Write every entry out again exactly, please, and skip the pictures.
"""
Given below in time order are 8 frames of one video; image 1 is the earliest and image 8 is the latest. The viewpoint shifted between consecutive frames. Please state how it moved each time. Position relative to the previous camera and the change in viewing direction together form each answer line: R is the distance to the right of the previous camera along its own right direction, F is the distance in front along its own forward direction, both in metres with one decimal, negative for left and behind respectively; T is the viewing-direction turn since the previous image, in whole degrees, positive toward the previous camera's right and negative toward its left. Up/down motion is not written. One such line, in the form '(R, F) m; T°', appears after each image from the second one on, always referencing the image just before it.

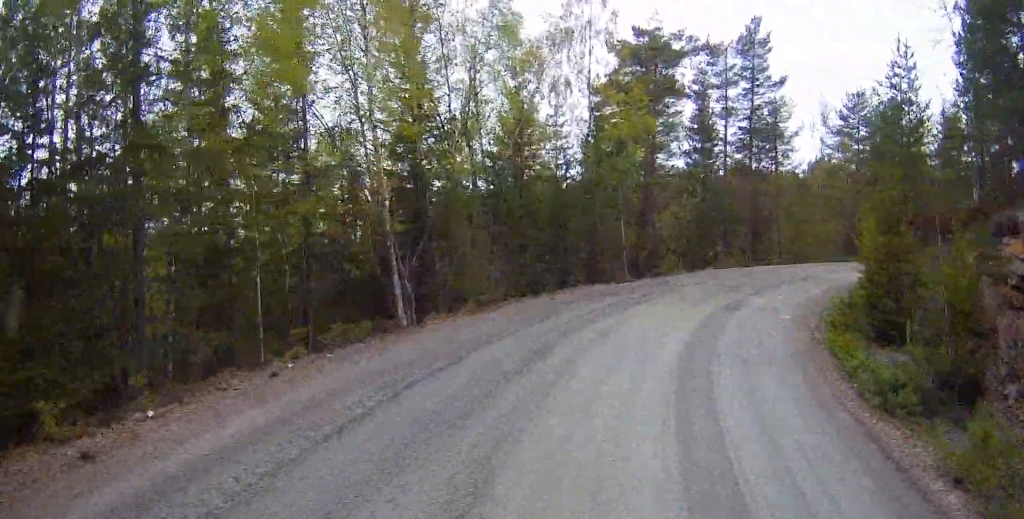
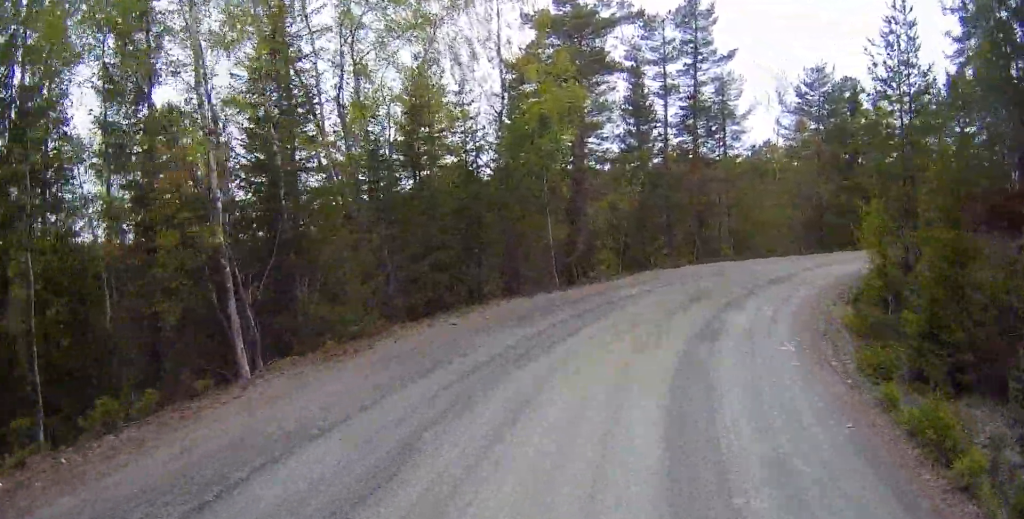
(-0.1, +4.1) m; +15°
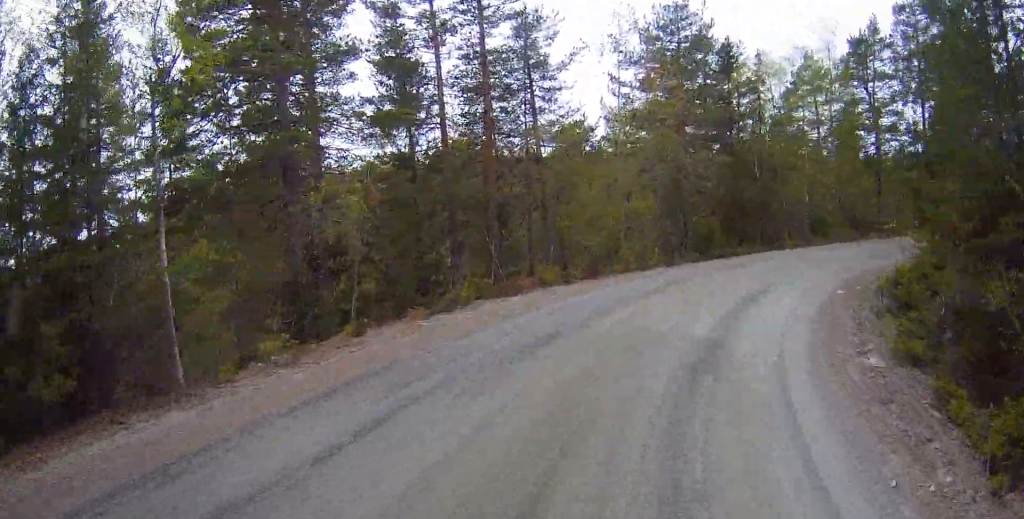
(+5.2, +9.4) m; +21°
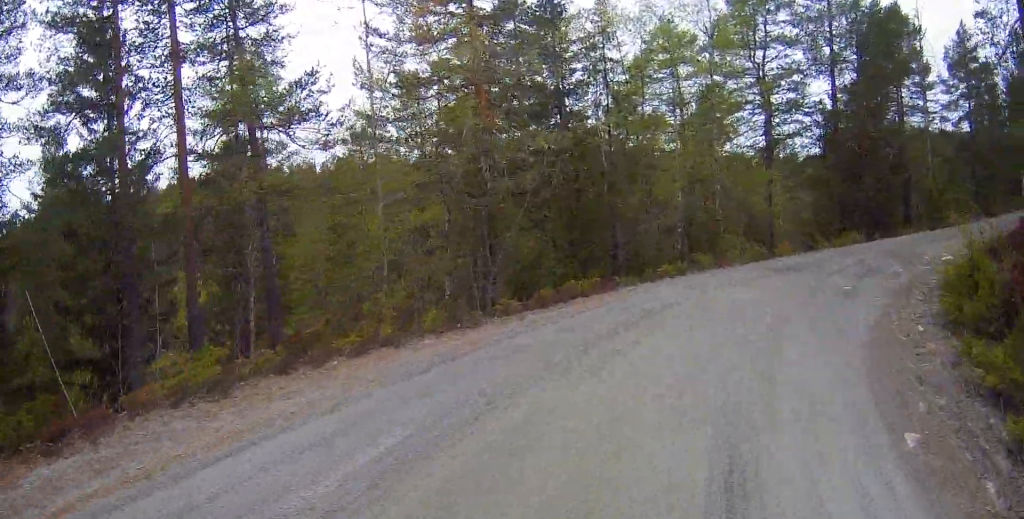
(-0.7, +10.3) m; +1°
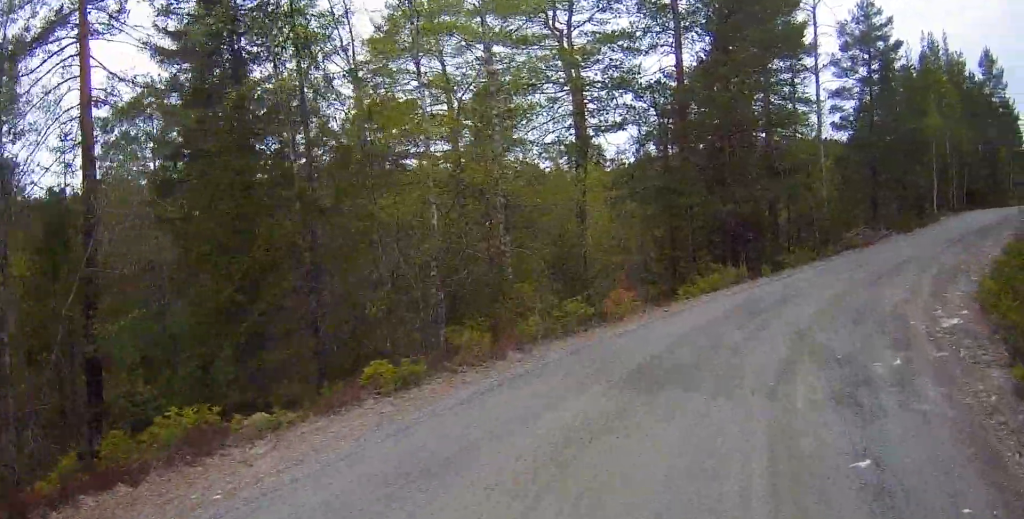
(+0.7, +9.6) m; +19°
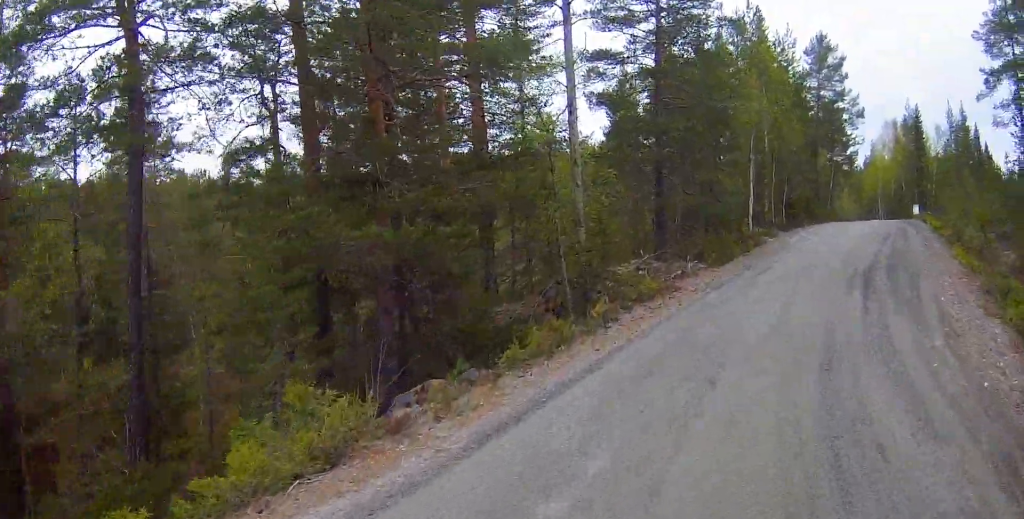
(+2.8, +9.8) m; +24°
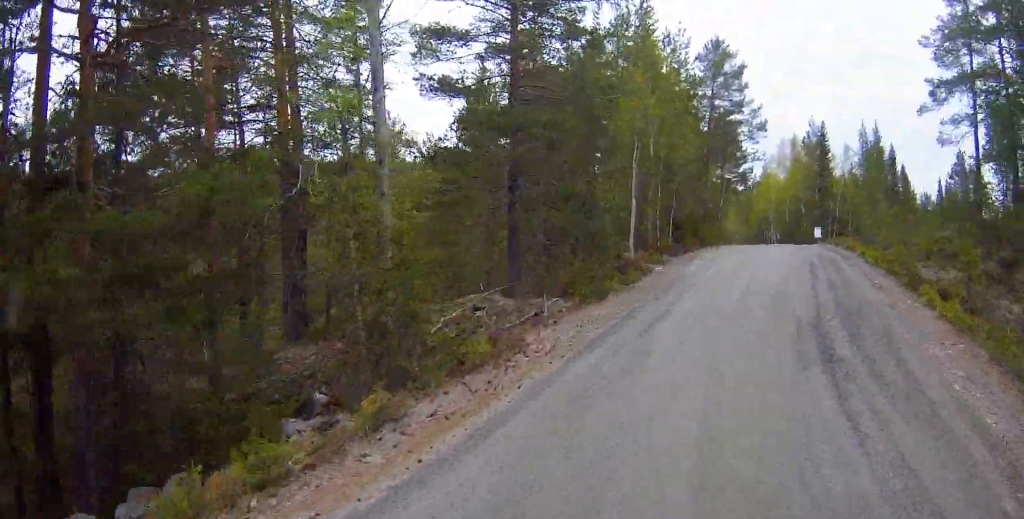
(-0.2, +4.4) m; +10°
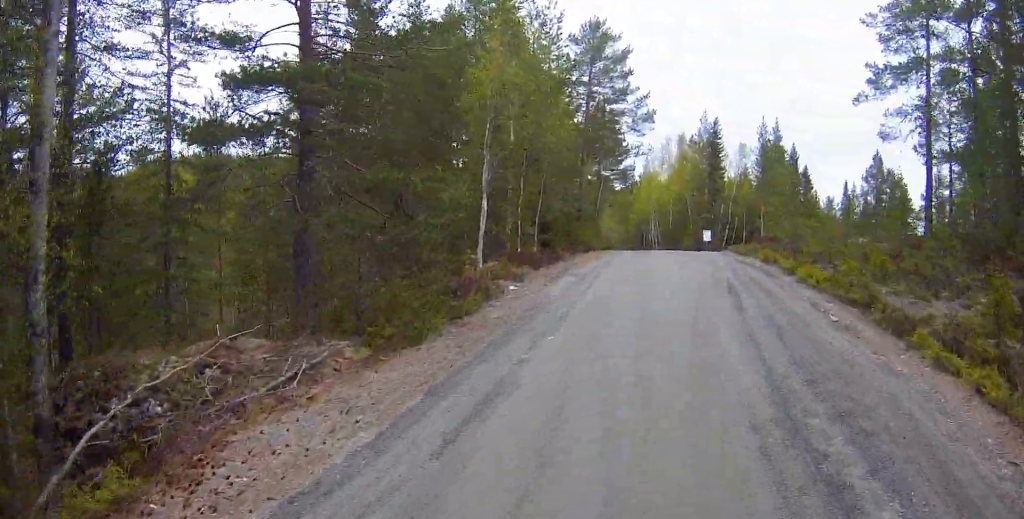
(+0.9, +4.5) m; +11°
"""
• _Response_
Given below in time order are 8 frames of one video; image 1 is the earliest and image 8 is the latest. The viewpoint shifted between consecutive frames. Please state how it moved each time. Position relative to the previous camera and the change in viewing direction together form each answer line: R is the distance to the right of the previous camera along its own right direction, F is the distance in front along its own forward direction, both in metres with one decimal, negative for left and behind respectively; T is the viewing-direction turn since the previous image, in whole degrees, positive toward the previous camera's right and negative toward its left. Up/down motion is not written. One such line, in the form '(R, F) m; T°', appears after each image from the second one on, always referencing the image just before it.

(-0.1, +4.1) m; +15°
(+5.2, +9.4) m; +21°
(-0.7, +10.3) m; +1°
(+0.7, +9.6) m; +19°
(+2.8, +9.8) m; +24°
(-0.2, +4.4) m; +10°
(+0.9, +4.5) m; +11°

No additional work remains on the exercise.